SAC pleaded guilty to fraud in 2013 and paid $1.8 billion in criminal and civil settlements with U.S. authorities. It settled with Wyeth shareholders for $10 million last December.
Martoma, meanwhile, is appealing his February 2014 insider trading conviction, while he serves a nine-year prison term.
Cohen was not criminally charged, but in January accepted a two-year ban on managing money for outside investors to end a U.S. Securities and Exchange Commission civil probe into his supervision of Martoma. That ban ends on Jan. 1, 2018, and no fine was imposed.

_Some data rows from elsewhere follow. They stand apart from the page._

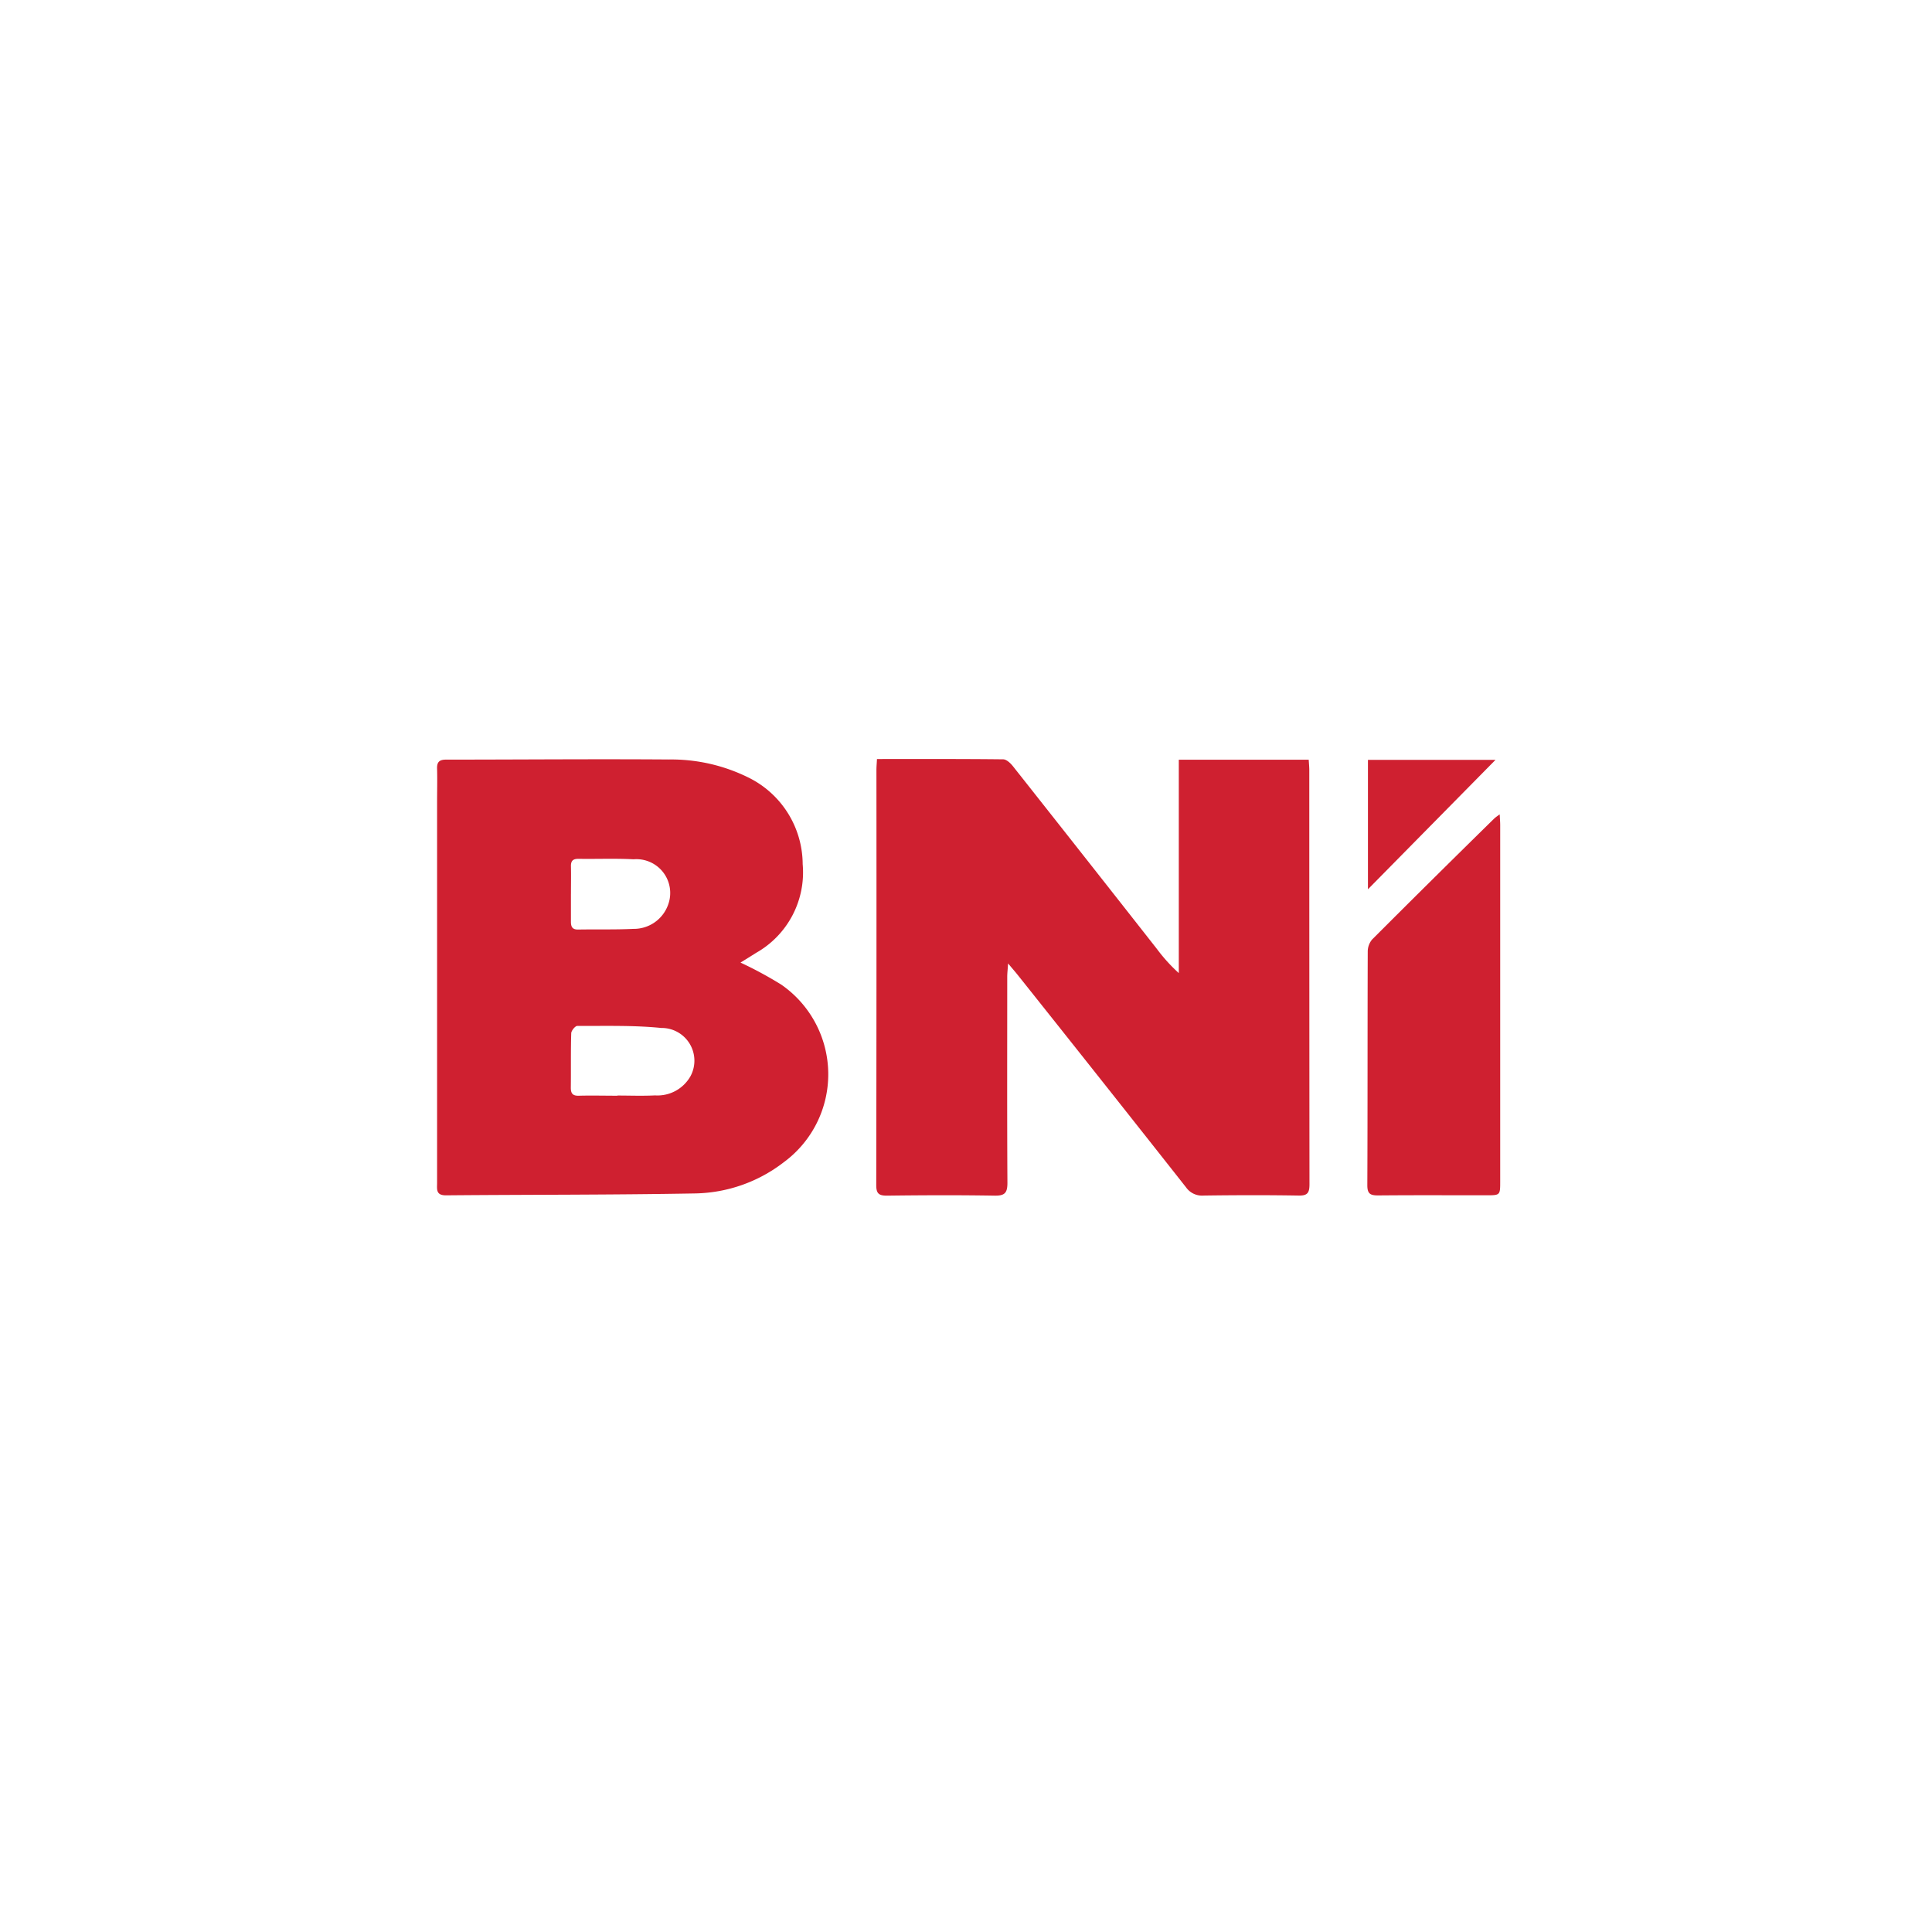 <svg xmlns="http://www.w3.org/2000/svg" xmlns:xlink="http://www.w3.org/1999/xlink" width="84" height="84" viewBox="0 0 84 84">
  <defs>
    <clipPath id="clip-path">
      <rect id="Rectangle_1286" data-name="Rectangle 1286" width="46.226" height="18.98" fill="#cf2030"/>
    </clipPath>
  </defs>
  <g id="Group_3538" data-name="Group 3538" transform="translate(-580 -4592)">
    <path id="Path_13472" data-name="Path 13472" d="M42,0A42,42,0,1,1,0,42,42,42,0,0,1,42,0Z" transform="translate(580 4592)" fill="rgba(88,156,67,0)"/>
    <g id="Group_3034" data-name="Group 3034" transform="translate(-0.469 0.463)">
      <g id="Group_3033" data-name="Group 3033" transform="translate(-228.91 -10.463)">
        <g id="Group_3032" data-name="Group 3032" transform="translate(828.379 4635)">
          <g id="Group_3031" data-name="Group 3031" clip-path="url(#clip-path)">
            <path id="Path_13410" data-name="Path 13410" d="M221.409,0c1.87,0,3.677-.007,5.484.013.145,0,.321.166.427.3q3.137,3.966,6.26,7.945a7.23,7.23,0,0,0,.951,1.049V.031h5.649c.009.156.025.307.025.459q0,9,.008,18c0,.369-.085.5-.475.49-1.378-.023-2.756-.019-4.133,0a.848.848,0,0,1-.759-.358q-3.637-4.614-7.3-9.211c-.114-.144-.235-.282-.437-.523-.017.267-.037.424-.037.582,0,2.985-.01,5.971.008,8.956,0,.433-.111.565-.552.558-1.564-.026-3.129-.02-4.693,0-.36,0-.458-.106-.458-.463q.015-9.021.008-18.042c0-.14.013-.279.023-.472" transform="translate(-202.279 0.001)" fill="#cf2030"/>
            <path id="Path_13411" data-name="Path 13411" d="M13.2,8.982a17.014,17.014,0,0,1,1.768.956,4.744,4.744,0,0,1,.106,7.726,6.488,6.488,0,0,1-3.835,1.353C7.62,19.083,4,19.068.389,19.1c-.446,0-.384-.271-.384-.541q0-8.287,0-16.573c0-.473.013-.947,0-1.42C-.008.273.089.156.393.156,3.622.156,6.85.126,10.078.15A7.557,7.557,0,0,1,13.531.93,4.218,4.218,0,0,1,15.9,4.7a4.02,4.02,0,0,1-2.027,3.859c-.227.145-.457.285-.676.421m-5.35,5.781v0c.545,0,1.091.022,1.634-.006a1.649,1.649,0,0,0,1.543-.838,1.423,1.423,0,0,0-1.275-2.094c-1.207-.122-2.431-.083-3.648-.089-.092,0-.261.206-.264.321-.024.788-.008,1.577-.018,2.365,0,.258.087.356.35.349.559-.015,1.118,0,1.677,0M5.824,6c0,.4,0,.8,0,1.2,0,.222.059.348.314.344.8-.014,1.6.009,2.4-.029a1.582,1.582,0,0,0,1.516-1.063A1.47,1.47,0,0,0,8.55,4.489c-.8-.042-1.6-.007-2.4-.02-.245,0-.331.094-.325.329.009.4,0,.8,0,1.2" transform="translate(-0.001 -0.129)" fill="#cf2030"/>
            <path id="Path_13412" data-name="Path 13412" d="M474.574,27.922c.01.212.021.34.021.468q0,7.746,0,15.492c0,.6,0,.6-.612.6-1.564,0-3.127-.008-4.691.006-.337,0-.475-.063-.474-.444.015-3.385.006-6.771.018-10.156a.817.817,0,0,1,.192-.529q2.646-2.647,5.319-5.269a2.527,2.527,0,0,1,.229-.169" transform="translate(-428.369 -25.513)" fill="#cf2030"/>
            <path id="Path_13413" data-name="Path 13413" d="M469.145,6.068V.442h5.545l-5.545,5.626" transform="translate(-428.669 -0.404)" fill="#cf2030"/>
          </g>
        </g>
      </g>
    </g>
  </g>
</svg>

SAC and Cohen did not admit wrongdoing in settling with the former Elan investors, including purchasers of its American depositary receipts and stock options.
Perrigo Co bought Elan in 2013, while Pfizer Inc bought Wyeth in 2009.
Lawyers for the Elan investors plan to seek up to $35.1 million for legal fees and $2.8 million to cover costs. These would be deducted from the $135 million settlement fund, court papers show.